I am facing a problem with a specific query on postgressql.
Look the explain:
-> Nested Loop Left Join (cost=21547.86..87609.16 rows=123 width=69) (actual time=28.997..562.299 rows=32710 loops=1)
-> Hash Join (cost=21547.30..87210.72 rows=123 width=53) (actual time=28.913..74.682 rows=32710 loops=1)
Hash Cond: (registry.id = profile.registry_id)
-> Bitmap Heap Scan on registry (cost=726.99..66218.46 rows=65503 width=53) (actual time=5.123..32.794 rows=66496 loops=1)
Recheck Cond: ((tenant_id = 1009469) AND active AND (excluded_at IS NULL))
Heap Blocks: exact=12563
-> Bitmap Index Scan on registry_tenant_id_excluded_at (cost=0.00..710.61 rows=65503 width=0) (actual time=3.589..3.589 rows=66496 loops=1)
Index Cond: (tenant_id = 1009469)
-> Hash (cost=20202.82..20202.82 rows=49399 width=16) (actual time=23.738..23.738 rows=32710 loops=1)

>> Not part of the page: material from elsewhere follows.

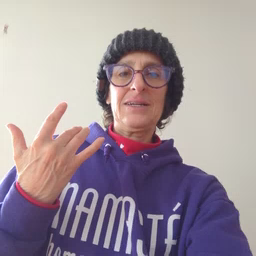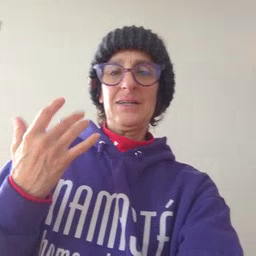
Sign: clown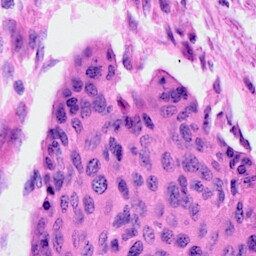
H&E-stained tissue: Cervix

Buckets: 65536 Batches: 1 Memory Usage: 2046kB
-> Index Only Scan using profile_tenant_id_registry_id on profile (cost=0.56..20202.82 rows=49399 width=16) (actual time=0.019..19.173 rows=32710 loops=1)
Index Cond: (tenant_id = 1009469)
Heap Fetches: 29493
It misestimate the hash join, even if both the scans are accurate. I already tried to boost the statistics on the related columns but it just estimated from 117 to 123, so I guess this is not the issue.
Why it is misestimating so hard? The nested loop takes a lot of work for the database.